Divorciados da história

Por Adalberto Piotto
 
Recentemente, fui convidado a falar sobre a realidade brasileira. Nada desse rame-rame político dos jornais, mas análise aprofundada de nossa sociedade.
Foram dois eventos, um a convite de um grupo de executivos de entidades setoriais e estudantes e outro de um grupo de jovens liberais. Ambos de movimentos sociais legítimos que pretendem aumentar o debate sobre este país. É salutar que haja essa exposição.
Aliás, é muito bom que a discussão sobre nós se alastre por todos os cantos sociais.
Mas é necessário que seja real, com honestidade intelectual, pra brasileiro ver, entendendo que somos vários e diversos.

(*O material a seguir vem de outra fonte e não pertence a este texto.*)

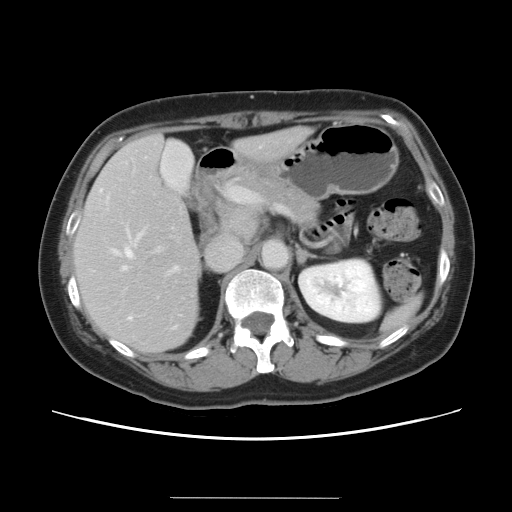

Image size 512x512, CT image, Liver
The vessel annotation is not exhaustive.
10 hepatic vessel regions are bounded by x1=123, y1=248, x2=131, y2=257; x1=122, y1=267, x2=126, y2=270; x1=128, y1=316, x2=131, y2=319; x1=111, y1=250, x2=118, y2=255; x1=106, y1=197, x2=108, y2=201; x1=155, y1=248, x2=160, y2=251; x1=126, y1=228, x2=130, y2=238; x1=172, y1=327, x2=175, y2=329; x1=132, y1=232, x2=142, y2=246; x1=169, y1=267, x2=178, y2=272. The liver tumor lies within x1=227, y1=212, x2=255, y2=237.
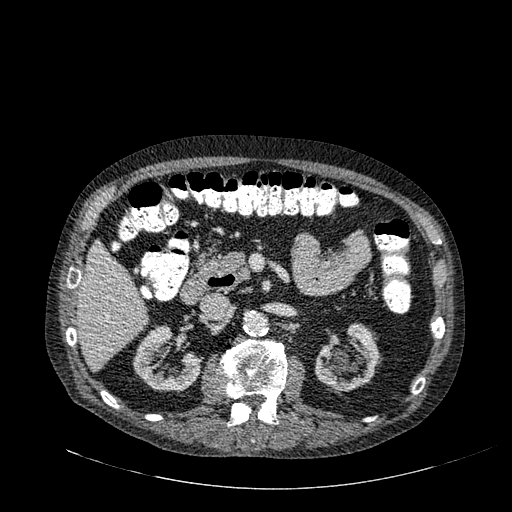
512x512; CT
- kidney: 133,325,201,392; 315,323,380,393
- liver: 80,239,146,371

Por isso, a essência de minha tese, que abordei com os os dois grupos e a descrevo aqui, é que temos um grande problema que se sobrepõe a todos os outros quando pretendemos falar de presente e de futuro no Brasil.

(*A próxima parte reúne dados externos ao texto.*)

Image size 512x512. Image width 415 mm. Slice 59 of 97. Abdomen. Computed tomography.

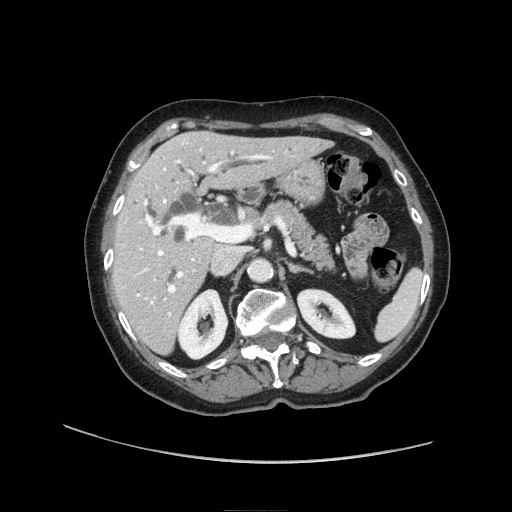 pancreas:
  - box=[264, 200, 334, 270]
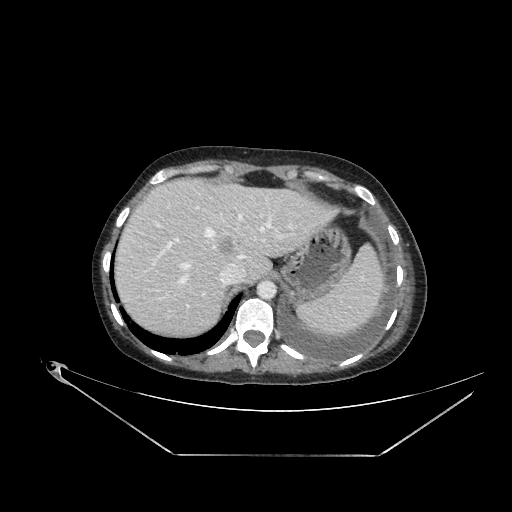
CT slice
liver: [121, 180, 328, 330] | liver lesion: [216, 236, 236, 253]
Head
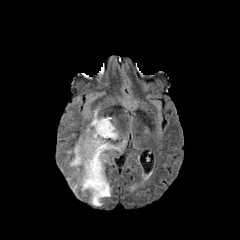
FLAIR magnetic resonance.
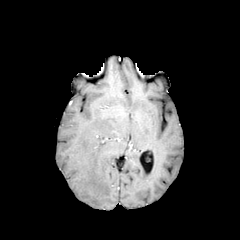
Same slice, T1-weighted MR image.
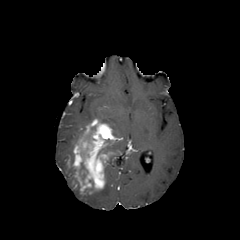
Post-contrast T1-weighted MR image.
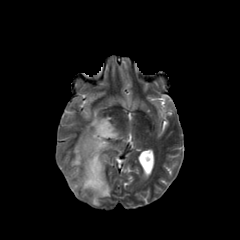
Same slice, T2-weighted MRI.
Edema = 68 154 76 189, 83 172 111 205, 86 109 126 156.
Enhancing tumor = 73 119 114 192.
Non-enhancing tumor core = 78 163 85 181, 84 126 95 139.
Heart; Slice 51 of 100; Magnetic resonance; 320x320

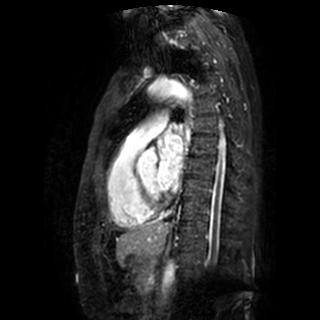

The left atrium appears at bbox=[157, 134, 182, 191].
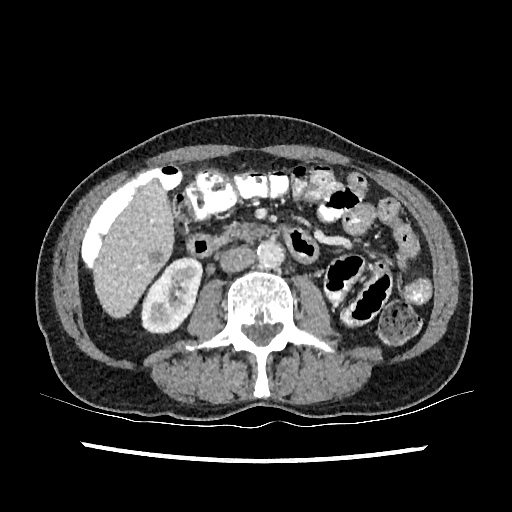

Computed tomography; Liver
<segmentation>
  <kidney>box(142, 259, 201, 332)</kidney>
  <liver>box(94, 177, 172, 316)</liver>
  <focal_liver_lesion>box(149, 250, 163, 263)</focal_liver_lesion>
</segmentation>
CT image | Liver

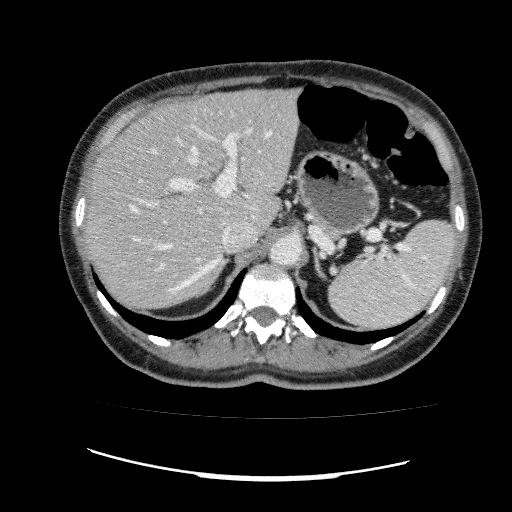
The liver is bounded by 84,88,301,309.
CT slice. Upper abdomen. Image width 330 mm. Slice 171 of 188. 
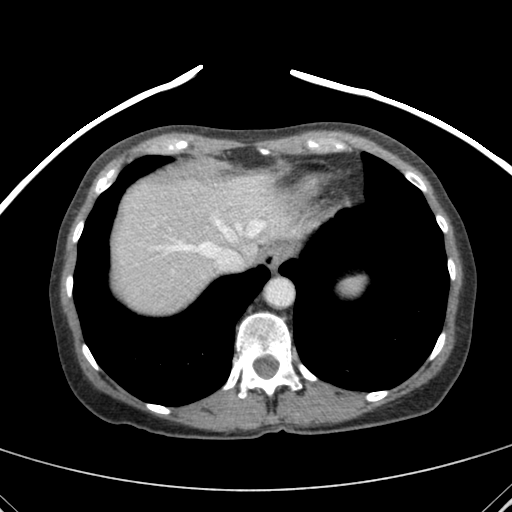
Segmented structures:
* liver: [x1=113, y1=163, x2=311, y2=312]
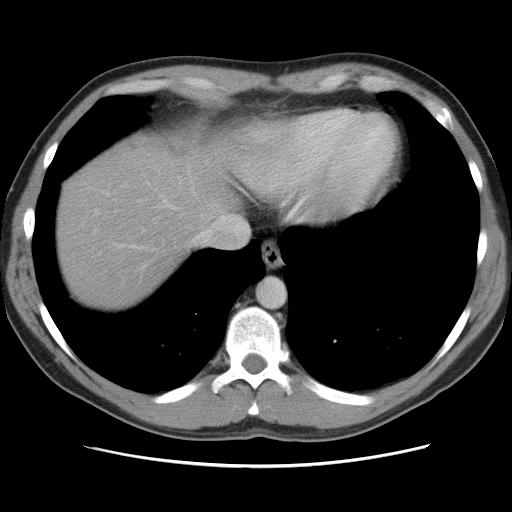 Image size 512x512, Computed tomography

Only some of the vessels may be annotated.
{"hepatic_vessel": ["box=[195, 236, 198, 240]"]}
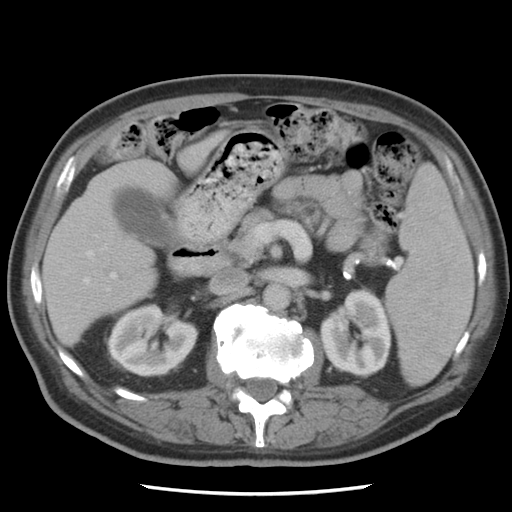

Upper abdomen; 512x512 px; CT slice
Pancreas at <box>226,202,321,265</box>.

Somos divorciados de nosso passado. Vejo isso desde os meus primeiros anos escolares e continuo a presenciar esse desapreço no pouco ou nenhum interesse da maioria por datas cívicas, históricas, bustos e monumentos espalhados pelas cidades.
Sofro a cada vez que falo dos soldados brasileiros que lutaram na Segunda Guerra. É tanta desinformação e desejo de diminuir o esforço e a coragem deles que tenho que aumentar o tom ao perguntar ao público: “você já foi à guerra? Sabe a dor de uma guerra e os traumas que ela traz?” Normalmente, ganho o silêncio envergonhado como resposta.

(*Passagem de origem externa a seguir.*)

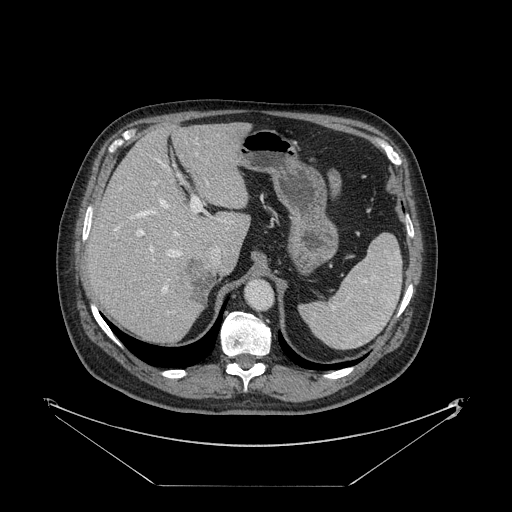 Abdomen. CT image. The vessel annotation is not exhaustive.
Liver tumor = [x1=183, y1=258, x2=213, y2=306].
Hepatic vessel = [x1=177, y1=173, x2=180, y2=177], [x1=152, y1=182, x2=155, y2=183], [x1=137, y1=229, x2=143, y2=234], [x1=156, y1=159, x2=163, y2=164], [x1=172, y1=163, x2=174, y2=166], [x1=191, y1=197, x2=214, y2=218], [x1=162, y1=286, x2=166, y2=292], [x1=174, y1=231, x2=177, y2=234], [x1=150, y1=246, x2=152, y2=250].
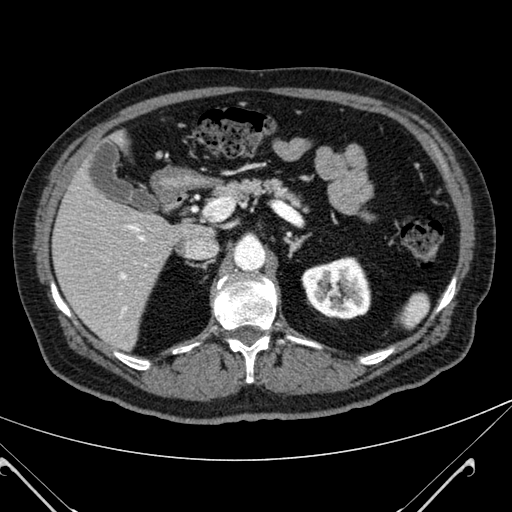

CT image

{
  "kidney": [
    "(left=303, top=259, right=369, bottom=317)"
  ],
  "liver": [
    "(left=49, top=157, right=210, bottom=351)"
  ]
}
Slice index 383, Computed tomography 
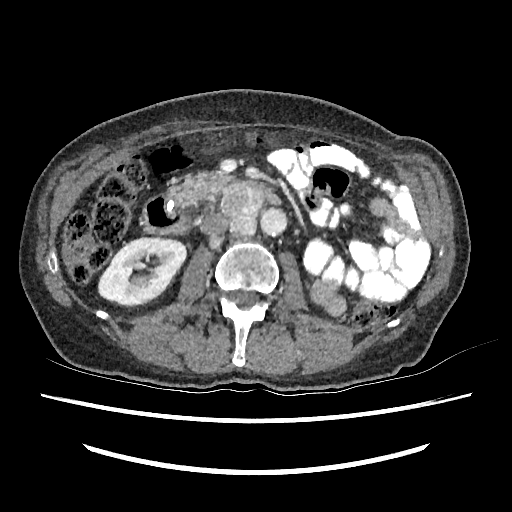

Kidney at [99, 238, 185, 304].

O cético do presente não resiste à verdade da história.
Por isso, insisto: divorciar-se do passado não dá certo. Lógica e semanticamente não teríamos chegado aqui sem ele. Simples e eloquentemente assim.
E como o divórcio brasileiro é litigioso, põe-se a culpa no outro. A média dos brasileiros, independentemente da classe social, portanto a maioria equilibrada de nós, põe a culpa no passado pra justificar as omissões presentes dos contemporâneos, de falhas nossas, ausências, omissões, incompetências. Uma mania de nenhuma nobreza que consegue levar nada a lugar nenhum, apenas reafirmar o marasmo que justifica a inação dos pouco corajosos de agora.
E o fato de termos problemas com nosso passado não nos permite que criemos heróis, que os exaltemos na posteridade, que seus exemplos nos inspirem. Nossa admiração é efêmera. Raramente passa por gerações.
Desconfiamos de nossa história e duvidamos das intenções de seus protagonistas. O “Descobrimento” foi por acaso ou uma armação, a “Independência”, um acordão caro, a “República” veio atrasada e por isso teria menor valor. E é nessa toada que vamos diminuindo a importância e o trabalho de quem nos antecedeu e nos trouxe até aqui.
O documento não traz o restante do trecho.